Dormis. Somnia. Obscura. Grant me restful and restorative sleep so that I may comfortably inhabit this body when I wake, amen.

And then it happens. I cease to exist in the physical world. I don’t even recall leaving it. But the bonds of flesh and bone have been transcended and I am carried, weightless, on the back of a black bottomless ocean. I am not cold or hot. My desires do not exist here, so I am at peace. I can breathe without burden. Everything I have ever known has ceased to be, and I have never felt more free.

The greatest gift Dormis can grant us is a dreamless sleep.
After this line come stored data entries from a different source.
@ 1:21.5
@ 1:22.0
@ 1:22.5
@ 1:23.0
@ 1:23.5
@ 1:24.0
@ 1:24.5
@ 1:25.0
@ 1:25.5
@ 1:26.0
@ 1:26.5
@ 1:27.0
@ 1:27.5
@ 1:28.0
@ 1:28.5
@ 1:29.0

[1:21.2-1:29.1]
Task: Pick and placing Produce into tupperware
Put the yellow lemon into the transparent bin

All Dormis requires in exchange, is that we submit to her world every night, for a few hours. When she calls us and wraps herself around our limbs, making them heavy, we should obey and give up the fight to stay open-eyed. When she passes her dry hands over our eye-lids, we do not make ourselves a cup of coffee and defy her, just so we can stay up all night watching films and playing games and even reading books.

Otherwise, she will banish us. This happened to me several times before. When I tried to return, she sent her sister, Somnia, to bar my path. She kept jolting me awake. When I tried to relax, she sent shots of nerves through me. Then she would not even let me close my eyes. I watched a starry night turn into a cloudless blue sky and back again. I watched the shadows of trees across the drawn curtains, their naked branches like fingers reaching through an invisible divide, beckoning. I lay there, growing more and more frustrated. If I knew which door to take, I would take it!
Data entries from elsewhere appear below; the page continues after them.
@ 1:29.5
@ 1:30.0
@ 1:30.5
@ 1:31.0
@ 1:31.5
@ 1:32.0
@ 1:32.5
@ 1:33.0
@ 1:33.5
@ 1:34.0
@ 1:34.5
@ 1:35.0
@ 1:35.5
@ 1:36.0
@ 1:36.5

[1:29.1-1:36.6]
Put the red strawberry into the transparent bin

Dormis, Somnia, let me in, let me in, LET ME IN!!

And equally, when it is time to leave the realm of Dormis, we should not out-stay our welcome. Others must be allowed to take their turn, as the veil of night falls across the face of the Earth.
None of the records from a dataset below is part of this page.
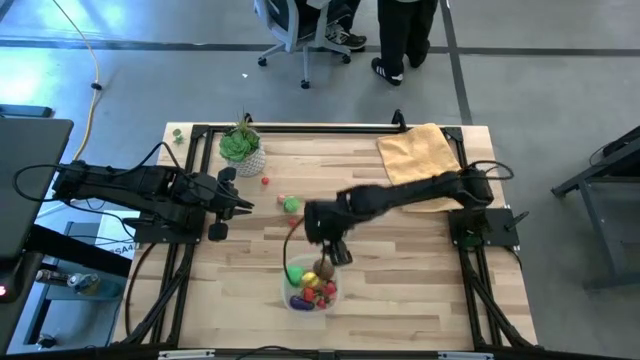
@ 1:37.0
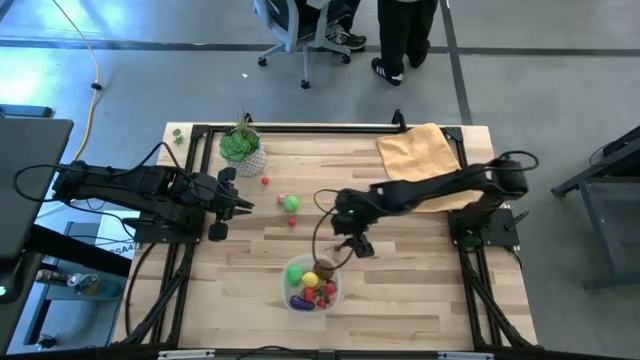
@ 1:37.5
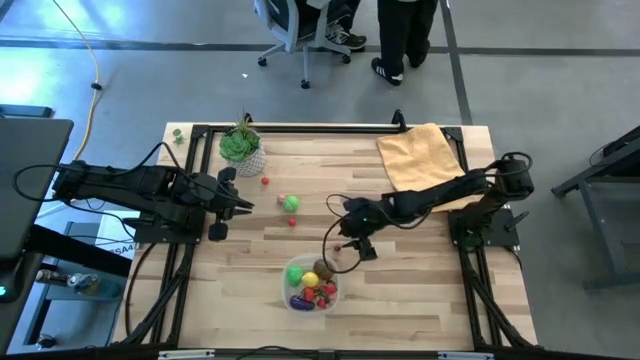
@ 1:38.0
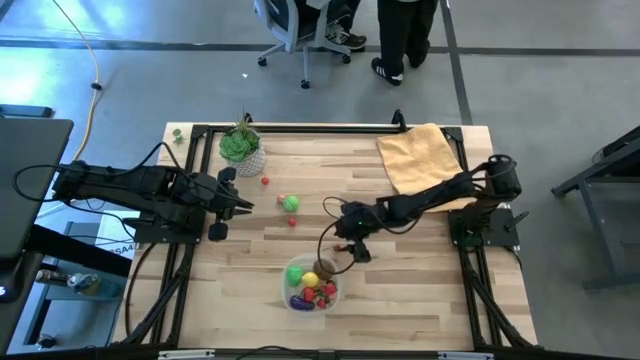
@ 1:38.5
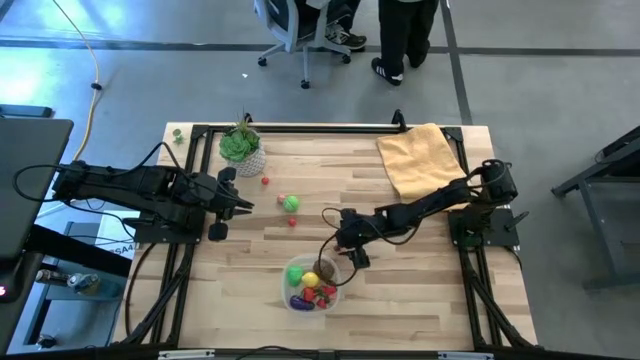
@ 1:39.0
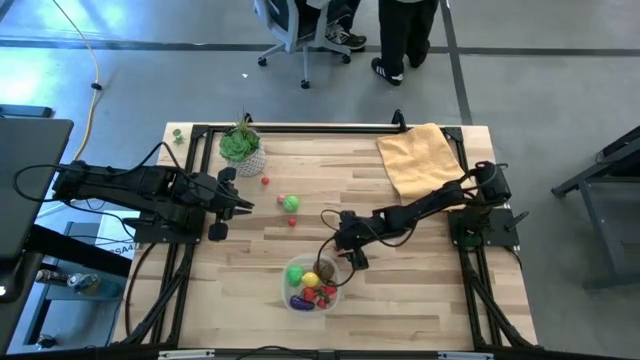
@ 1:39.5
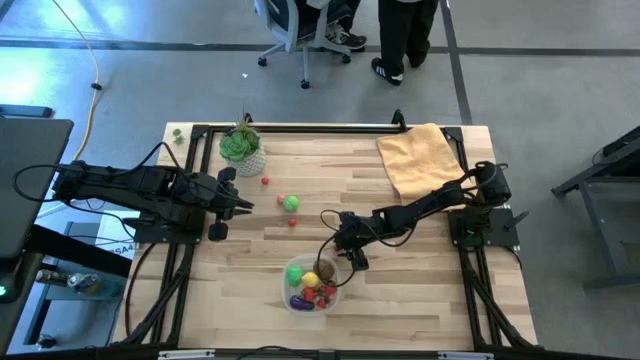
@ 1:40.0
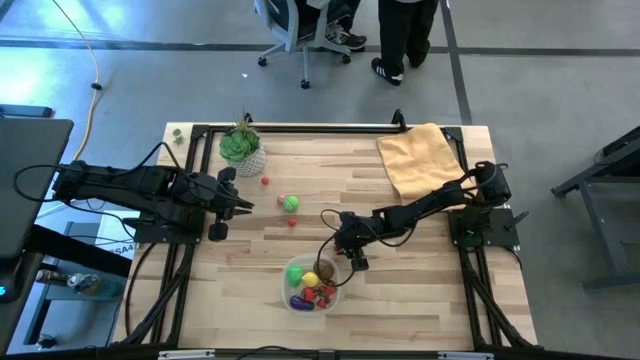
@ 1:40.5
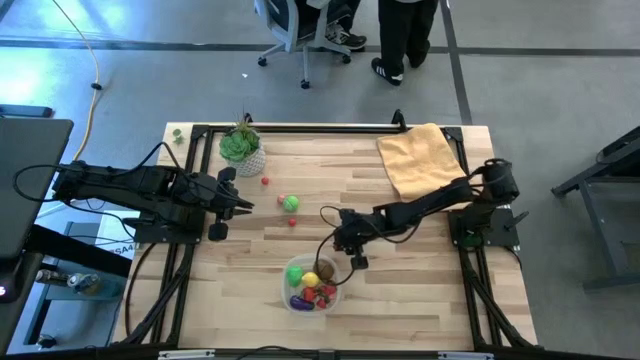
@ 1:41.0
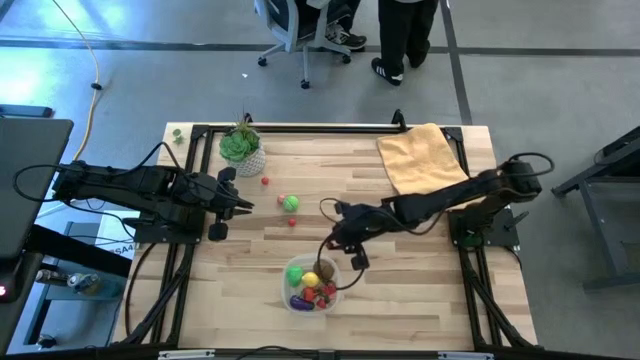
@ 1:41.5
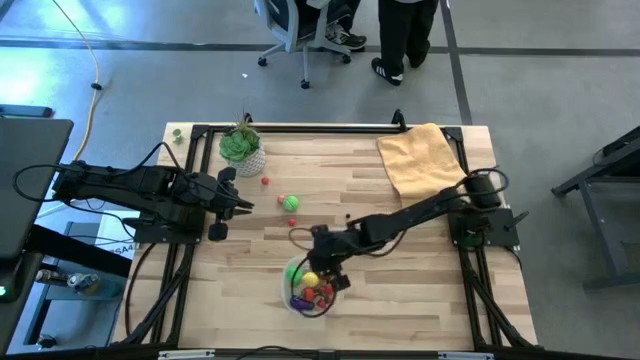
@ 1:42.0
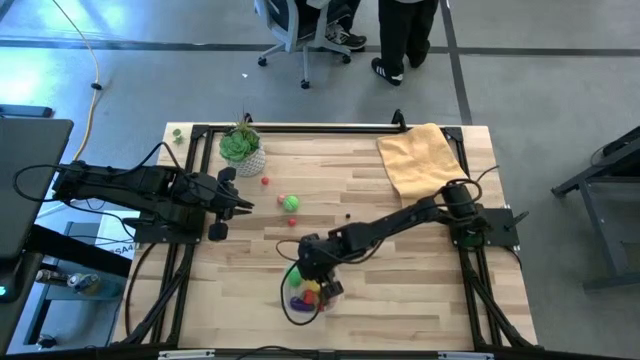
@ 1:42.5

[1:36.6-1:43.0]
Put the red cherry into the transparent bin

Otherwise, we stand to face the final sister, Obscura, and her wolves. I, for one, know the fear in being chased by them. When I run upstairs and end up downstairs, when I turn a door handle only to have it close instead of open, when I think I am awake in my mother’s house but I am really fighting the blankets in my lover’s bed, that is Obscura and her pack. They descend upon me in a storm of terror, driving me into the fringes of dream, where the life I have lived has been shredded and pasted back together, but in the wrong way. I recognise it but it no longer makes sense. Suddenly I am in my grandfather’s home, standing on the dark and dusty landing where the eyes of my ancestors coldly regard me from their Victorian frames. I call out but I know there is no one there and then the stairs give way and I am suspended in space. Above me, the world splits and crumbles. Then gravity pulls me and all the debris of conscious downward, at hyper speed. I feel like I might die after all- there is no way out that I can find-

Dormis, Somnia and Obscura are screaming: get out, get out, GET OUT!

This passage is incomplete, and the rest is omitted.